Simple prediction model

Do you like tennis?

Well, I don`t like tennis, but i have tennis data set!

if we want to do some fancy machine learning, we need a couple of things:

  • Some data from past - data set
  • Some algorithm or way how we turn this data set into predictive model
  • Also, some samples that we want to predict using our new model!

  • As data set we have simple data set, with records if we go to play tennis dependent on weather. It should look like:
Outlook Temperature Humidity Wind Did I play tennis?
Sunny Hot Hight Weak No
Overcast Hot Hight Weak Yes
Rain Cool Normal Strong No
... ... ... ... ...

You can see whole data set here

  • Algorithm will be default tree-garden configuration
  • Sample for testing will be current weather:
    const sample = {
      outlook: 'Rain', temp: 'Mild', humidity: 'Normal', wind: 'Weak'
    }
    

Code

import {
  buildAlgorithmConfiguration,
  growTree,
  getTreePrediction,
  sampleDataSets
} from 'tree-garden';

// data set of interest is bundled with tree-garden itself
// [data set]
const { tennisSet } = sampleDataSets;

// configuration that is used for training and prediction
// is 'guessed' from training data itself
// empty object is partial configuration we want to use
// [configuration]
const algorithmConfig = buildAlgorithmConfiguration(tennisSet, {});

// we can check what we got
console.log('Config:\n', algorithmConfig);


// lets train decision tree
// [tree]
const tree = growTree(algorithmConfig, tennisSet);

// see how tree looks like?
console.log('Tree:\n', tree);

// our sample of interest
// [sample]
const sample = {
  outlook: 'Rain', temp: 'Mild', humidity: 'Normal', wind: 'Weak'
};

// [result]
const shouldWeGoToPlayTennis = getTreePrediction(sample, tree, algorithmConfig);

console.log('Result:\n', 'Should i stay or should i go?', shouldWeGoToPlayTennis);


// [output for visualization tool]
console.log('Json output:\n\n', JSON.stringify(tree));

Comments

Tags in comments of presented code

You can notice in comments of code, I let some tags like [configuration] and [sample] see here . These tags mean I want to break it down further in comments in docs. I will do so on multiple places of tree-garden docs.

[configuration]
See page which describes configuration in detail

[data set]
See data set for more information.

[tree]
More information on trained tree can be found here.

[sample]
Sample that we want to classify is based on weather in time of writing.

Joking it is night, and I have no clue what weather is...

Samples in data set and sample which You are trying to predict does not have to be complete (they can have missing fields). Check how to deal with missing values.

[result]
Result of our decision tree which is presented with our sample is either 'Yes' or 'No' - classes found in our training data set. See api docs for getTreePrediction function.
If you want for instance whole node, where your sample landed, check functions in predict namespace.
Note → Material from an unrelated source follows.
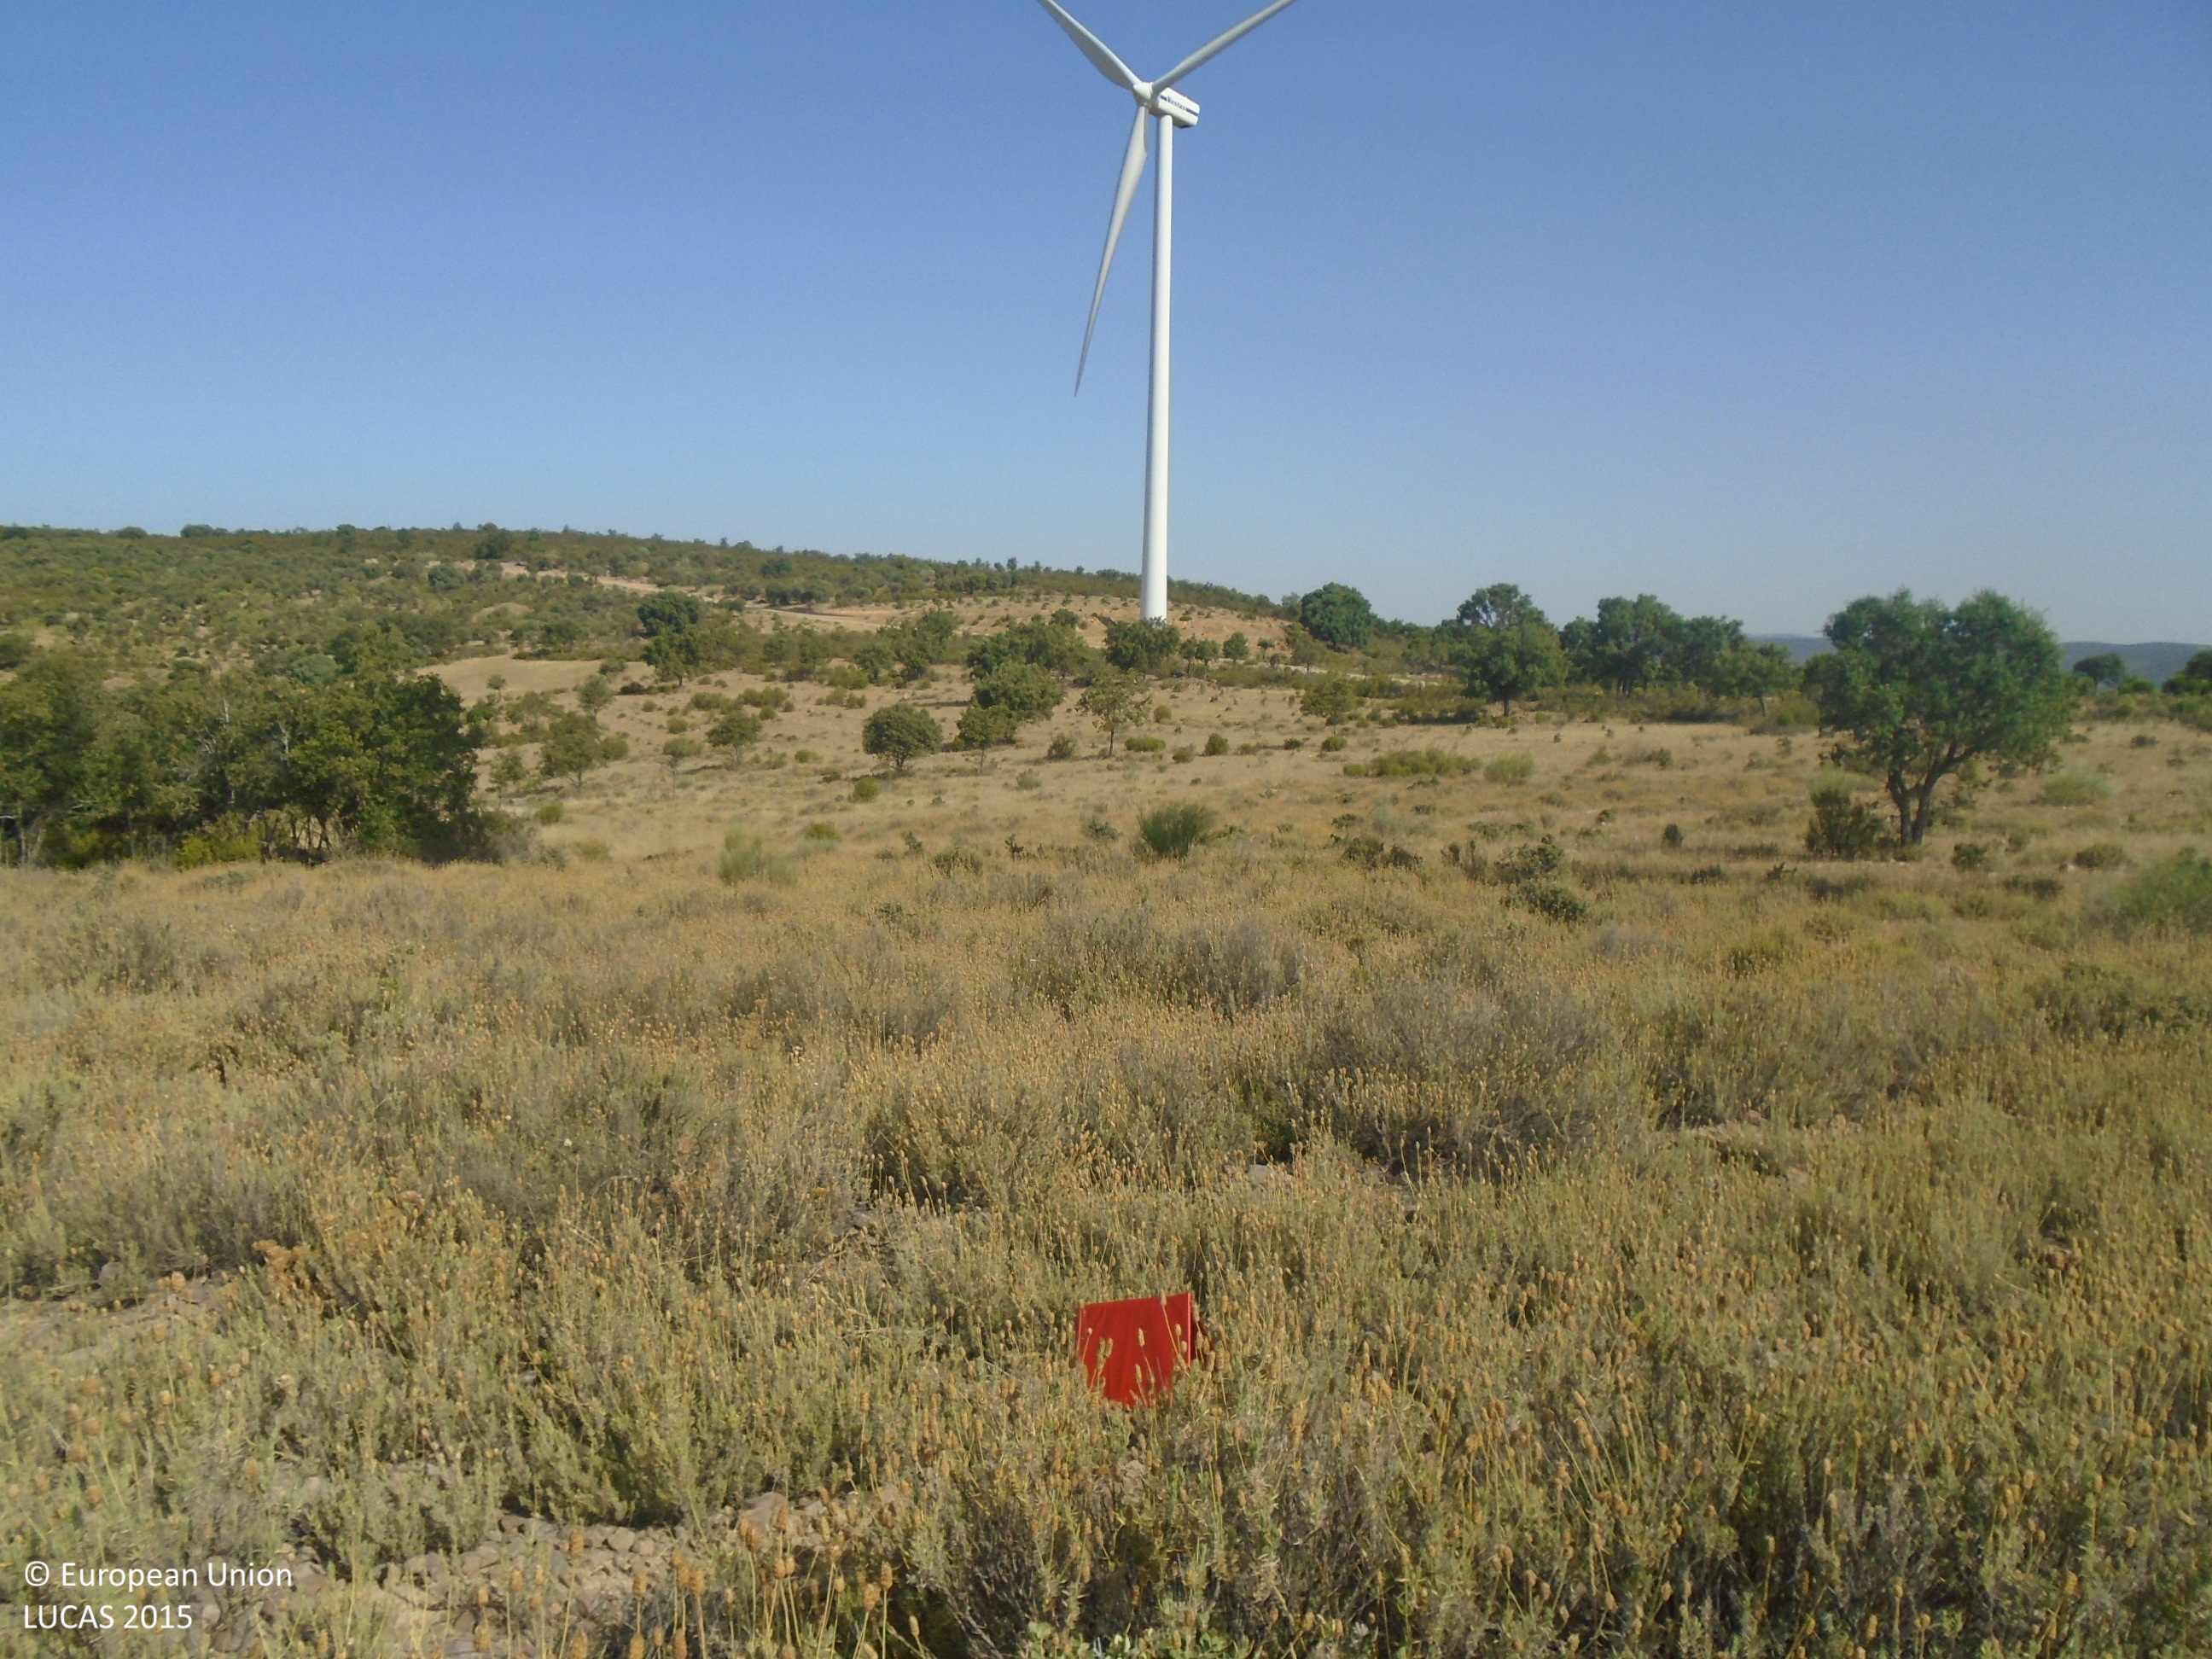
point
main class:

[output for visualization tool]
You can open visualization tool here on codesandbox or full screen, copy output of JSON.stringify(tree) and paste it into Trained tree text box and push Load tree button.
If you scroll down you should be able to see your first trained tree!
Congratulation! 😉

Tree visualization

I used tree garden visualization to produce image of my trained tree

img.png

Bit more advanced example

We will now let grow regression tree (tree will predict value not class), that will be able to predict price of houses in some Indian city, where data come from...
We will need to make some tweaks in configuration to run regression tree - default is classification.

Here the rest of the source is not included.